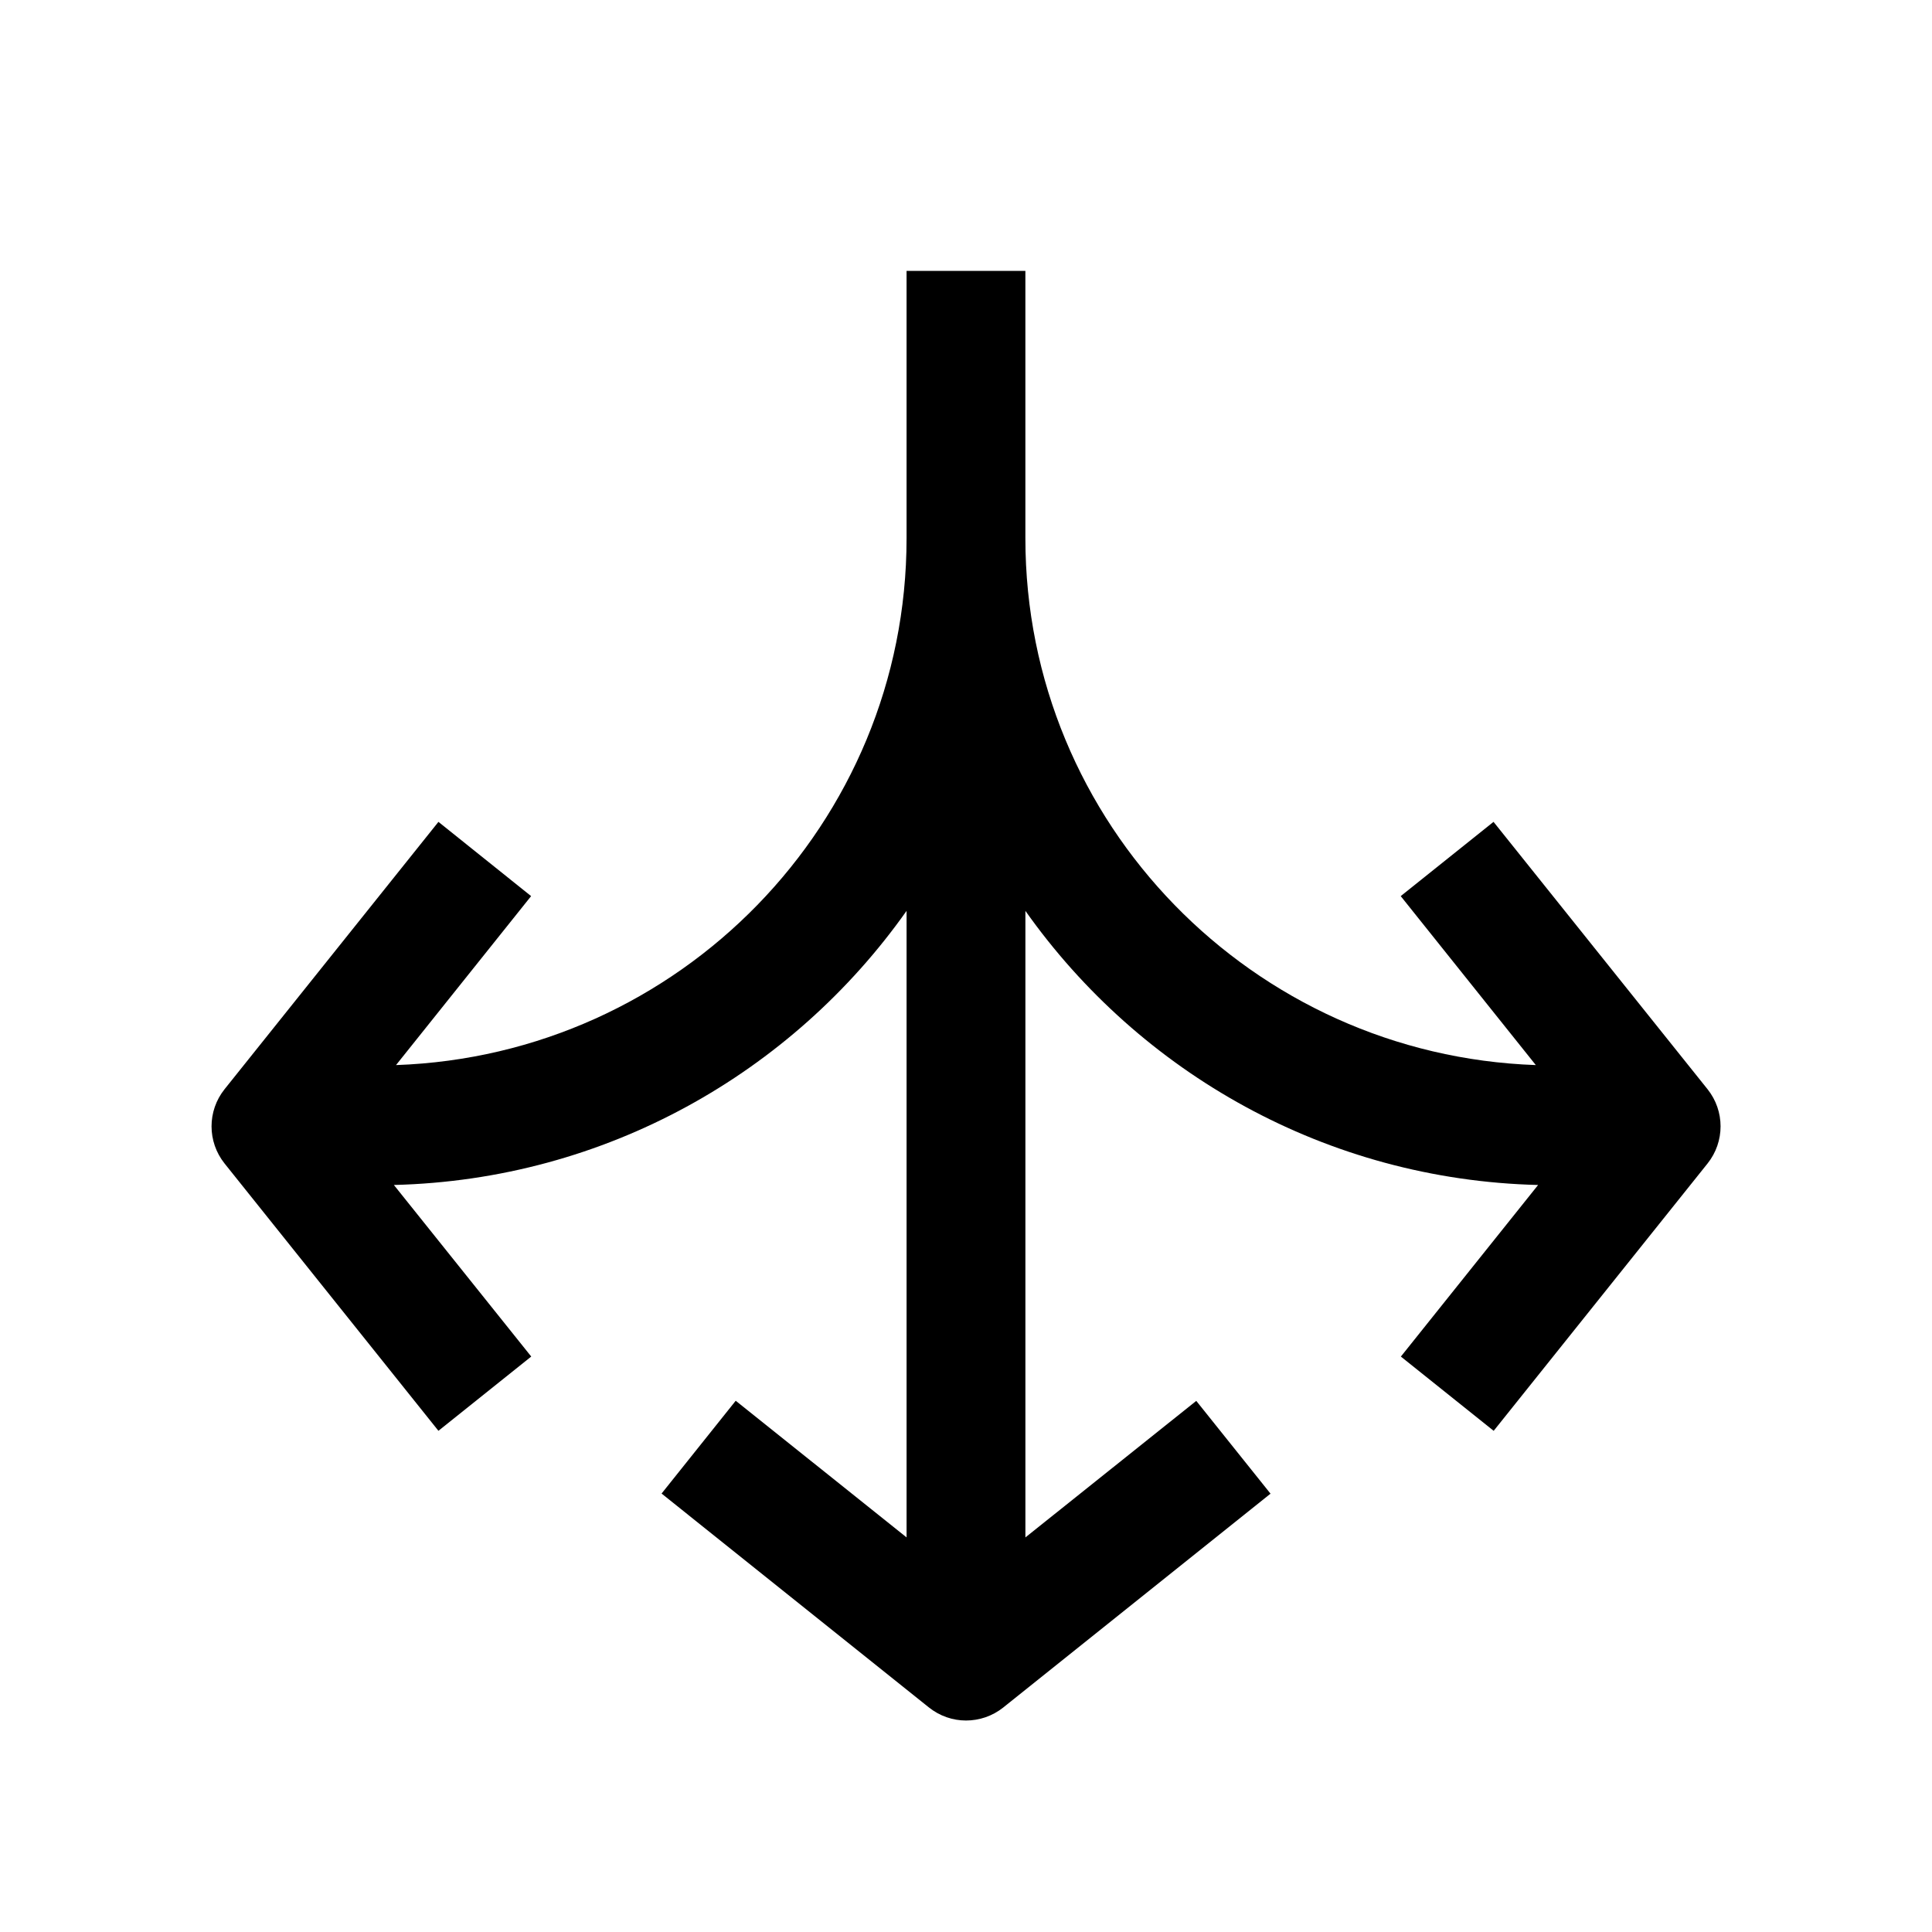 <?xml version="1.0" encoding="UTF-8"?>
<!-- The Best Svg Icon site in the world: iconSvg.co, Visit us! https://iconsvg.co -->
<svg fill="#000000" width="800px" height="800px" version="1.1" viewBox="144 144 512 512" xmlns="http://www.w3.org/2000/svg">
 <path d="m539.8 361.8-24.594 19.68 35.801 44.777c-74.969-2.617-135.27-64.016-135.27-139.62v-70.848h-31.488v70.848c0 75.602-60.301 137-135.3 139.62l35.801-44.777-24.559-19.676-56.68 70.848c-4.598 5.762-4.598 13.918 0 19.68l56.68 70.848 24.594-19.68-36.402-45.469c56.113-1.387 105.55-29.758 135.87-72.645v166.04l-45.281-36.211-19.648 24.594 70.848 56.68c2.867 2.297 6.363 3.465 9.828 3.465s6.957-1.133 9.855-3.434l70.848-56.68-19.68-24.594-45.281 36.184v-166.04c30.324 42.887 79.758 71.258 135.87 72.645l-36.367 45.469 24.594 19.68 56.68-70.848c4.598-5.762 4.598-13.918 0-19.68z"/>
</svg>

+ + + + +

◆ Task to carry out:
The copy you produce must repeat all the entries exactly and contain no pictures.

◆ Response to this task:
 <?xml version="1.0" encoding="UTF-8"?>
<!-- The Best Svg Icon site in the world: iconSvg.co, Visit us! https://iconsvg.co -->
<svg fill="#000000" width="800px" height="800px" version="1.1" viewBox="144 144 512 512" xmlns="http://www.w3.org/2000/svg">
 <path d="m539.8 361.8-24.594 19.68 35.801 44.777c-74.969-2.617-135.27-64.016-135.27-139.62v-70.848h-31.488v70.848c0 75.602-60.301 137-135.3 139.62l35.801-44.777-24.559-19.676-56.68 70.848c-4.598 5.762-4.598 13.918 0 19.68l56.68 70.848 24.594-19.68-36.402-45.469c56.113-1.387 105.55-29.758 135.87-72.645v166.04l-45.281-36.211-19.648 24.594 70.848 56.68c2.867 2.297 6.363 3.465 9.828 3.465s6.957-1.133 9.855-3.434l70.848-56.68-19.68-24.594-45.281 36.184v-166.04c30.324 42.887 79.758 71.258 135.87 72.645l-36.367 45.469 24.594 19.68 56.68-70.848c4.598-5.762 4.598-13.918 0-19.68z"/>
</svg>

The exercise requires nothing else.